- Santíssimo Location in Rio de Janeiro Santíssimo Santíssimo (Brazil)
- Coordinates: 22°52′46″S 43°31′22″W﻿ / ﻿22.87944°S 43.52278°W
- Country: Brazil
- State: Rio de Janeiro (RJ)
- Municipality/City: Rio de Janeiro
- Zone: West Zone

Population (2010)
- • Total: 41,458

= Santíssimo =

Santíssimo is a neighborhood in the West Zone of Rio de Janeiro, Brazil, near Campo Grande. Most residents are in the low-income group.

In the beginning the railroad stations proceeded on this order: Bangu, Senador Camará, Santíssimo, Senador Vasconcelos, and Campo Grande. Santíssimo was prosperous in the epoch that Rio de Janeiro exported oranges to foreign countries. There were small stores near market places where the oranges were beneficials for exportation. With the end of the rural period in the city of Rio de Janeiro, Santíssimo became disowned into a neighborhood merely dormitory or a neighborhood of passages to the regions more forward on the map of the city of Rio de Janeiro, on the direction of the west region.

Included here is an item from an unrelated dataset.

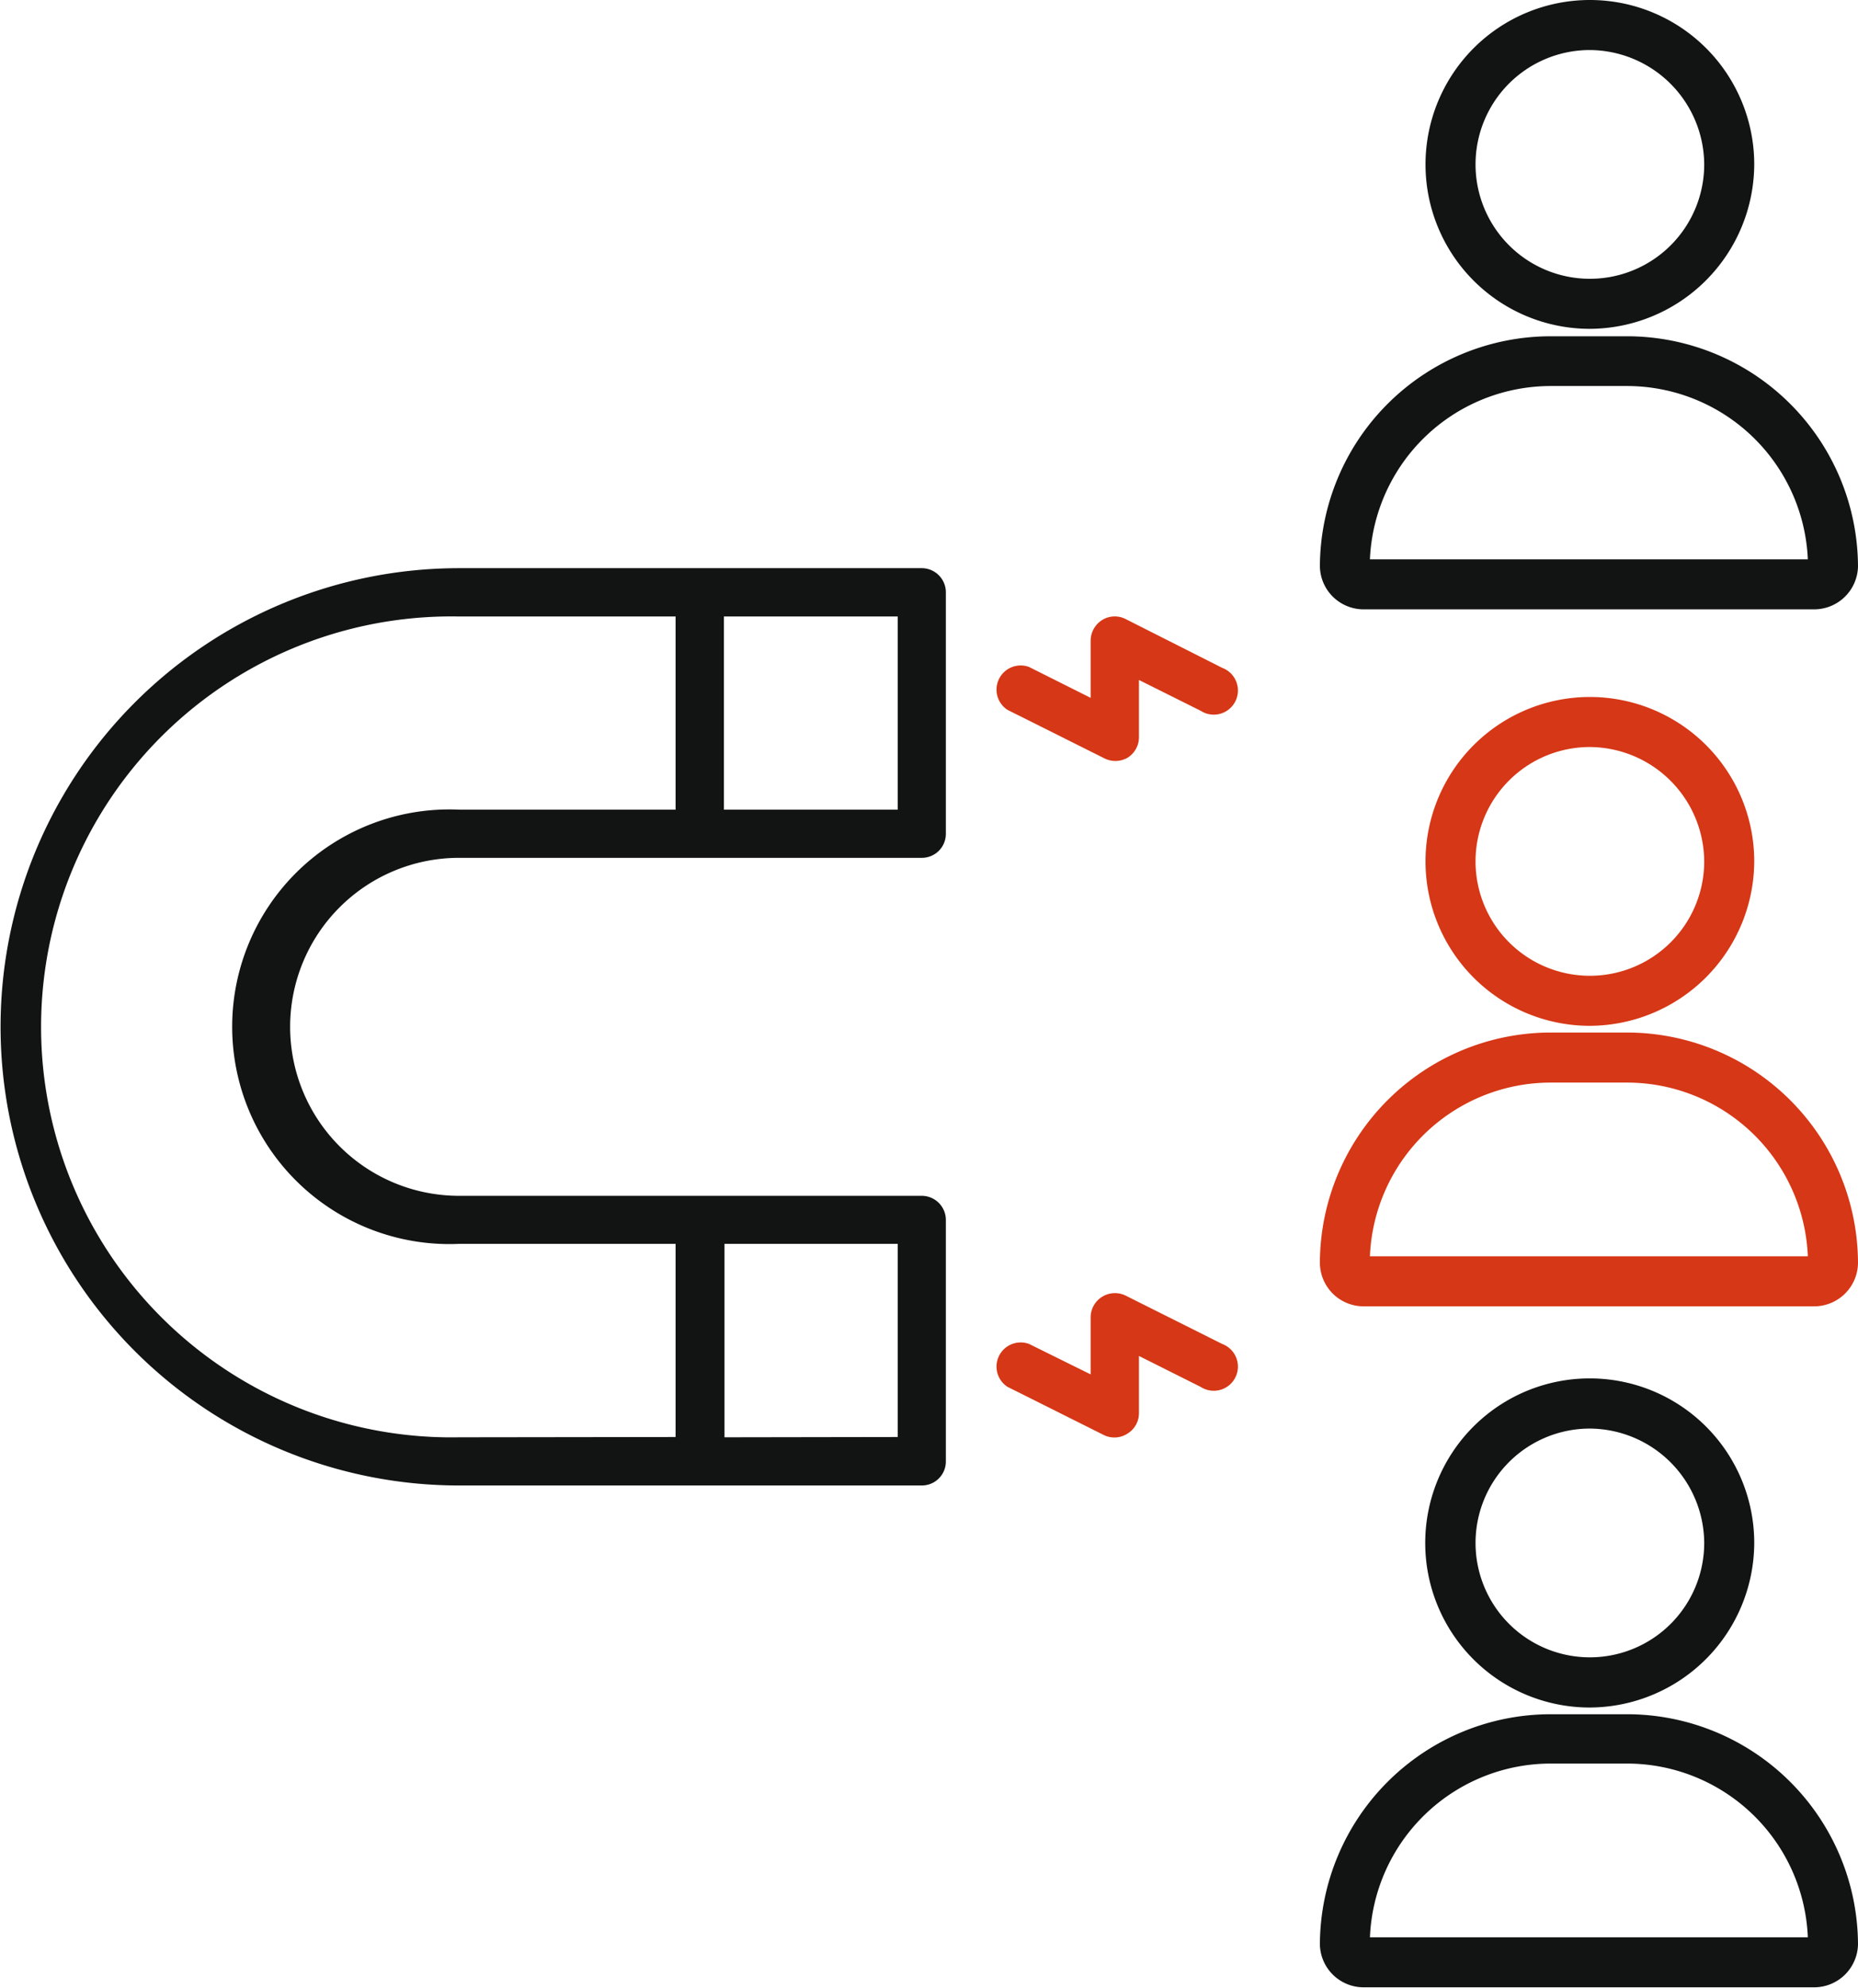 <svg id="Livello_1" data-name="Livello 1" xmlns="http://www.w3.org/2000/svg" viewBox="0 0 130 139.05"><defs><style>.cls-1{fill:#d63716;}.cls-2{fill:#121313;}</style></defs><rect class="cls-1" x="16.09" y="76.84" height="0.01"/><path class="cls-2" d="M136.81,145H105.29a3.06,3.06,0,0,1-3.06-3,16.16,16.16,0,0,1,16.19-16.1h5.26a16.17,16.17,0,0,1,16.2,16.1A3.07,3.07,0,0,1,136.81,145Zm-31.08-3.5h30.64a12.67,12.67,0,0,0-12.69-12.15h-5.26A12.67,12.67,0,0,0,105.73,141.54Z" transform="translate(-9.88 -6)"/><path class="cls-2" d="M121.05,125.43a11.51,11.51,0,1,1,11.57-11.51A11.55,11.55,0,0,1,121.05,125.43Zm0-19.51a8,8,0,1,0,8.07,8A8.05,8.05,0,0,0,121.05,105.92Z" transform="translate(-9.88 -6)"/><path class="cls-1" d="M136.81,97.37H105.29a3.06,3.06,0,0,1-3.06-3.05,16.16,16.16,0,0,1,16.19-16.1h5.26a16.17,16.17,0,0,1,16.2,16.1A3.07,3.07,0,0,1,136.81,97.37Zm-31.08-3.5h30.64a12.67,12.67,0,0,0-12.69-12.15h-5.26A12.67,12.67,0,0,0,105.73,93.87Z" transform="translate(-9.88 -6)"/><path class="cls-1" d="M121.05,77.75a11.5,11.5,0,1,1,11.57-11.5A11.55,11.55,0,0,1,121.05,77.75Zm0-19.5a8,8,0,1,0,8.07,8A8.05,8.05,0,0,0,121.05,58.25Z" transform="translate(-9.88 -6)"/><path class="cls-2" d="M136.81,48.62H105.29a3.06,3.06,0,0,1-3.06-3,16.16,16.16,0,0,1,16.19-16.1h5.26a16.17,16.17,0,0,1,16.2,16.1A3.07,3.07,0,0,1,136.81,48.62Zm-31.08-3.5h30.64A12.67,12.67,0,0,0,123.68,33h-5.26A12.67,12.67,0,0,0,105.73,45.12Z" transform="translate(-9.88 -6)"/><path class="cls-2" d="M121.05,29a11.5,11.5,0,1,1,11.57-11.5A11.55,11.55,0,0,1,121.05,29Zm0-19.5a8,8,0,1,0,8.07,8A8.05,8.05,0,0,0,121.05,9.5Z" transform="translate(-9.88 -6)"/><path class="cls-2" d="M76.06,108.21V91.33a1.69,1.69,0,0,0-1.69-1.69H42A11.82,11.82,0,1,1,42,66H74.37a1.68,1.68,0,0,0,1.69-1.69V47.43a1.69,1.69,0,0,0-1.69-1.69H42a32.08,32.08,0,0,0,0,64.16H74.37A1.68,1.68,0,0,0,76.06,108.21ZM72.69,49.12V62.63H60.53V49.12ZM42,106.53a28.71,28.71,0,1,1,0-57.41H57.15V62.63H42A15.2,15.2,0,1,0,42,93H57.15v13.51Zm18.57,0V93H72.69v13.51Z" transform="translate(-9.88 -6)"/><path class="cls-1" d="M88.77,59a1.69,1.69,0,0,0,.8-1.44v-4l4.31,2.15a1.69,1.69,0,1,0,1.51-3L88.64,49.3a1.67,1.67,0,0,0-1.65.07,1.71,1.71,0,0,0-.8,1.44v4l-4.31-2.16a1.69,1.69,0,0,0-1.51,3l6.76,3.38A1.71,1.71,0,0,0,88.77,59Z" transform="translate(-9.88 -6)"/><path class="cls-1" d="M88.77,106.27a1.67,1.67,0,0,0,.8-1.43v-4L93.88,103a1.69,1.69,0,1,0,1.51-3l-6.75-3.38a1.7,1.7,0,0,0-2.45,1.51v4L81.88,100a1.69,1.69,0,0,0-1.51,3l6.76,3.38A1.68,1.68,0,0,0,88.77,106.27Z" transform="translate(-9.88 -6)"/></svg>

Nowadays the neighborhood of Santíssimo has a constant increase of its population in irregular lands that multiply compromising even the rich mountainous geography of the region. Stuck in the middle of Parque da Pedra Branca (White Stone Park, in English), the neighborhood of Santíssimo is also one more example of the neglect of local authorities to control the occupation of the urban space.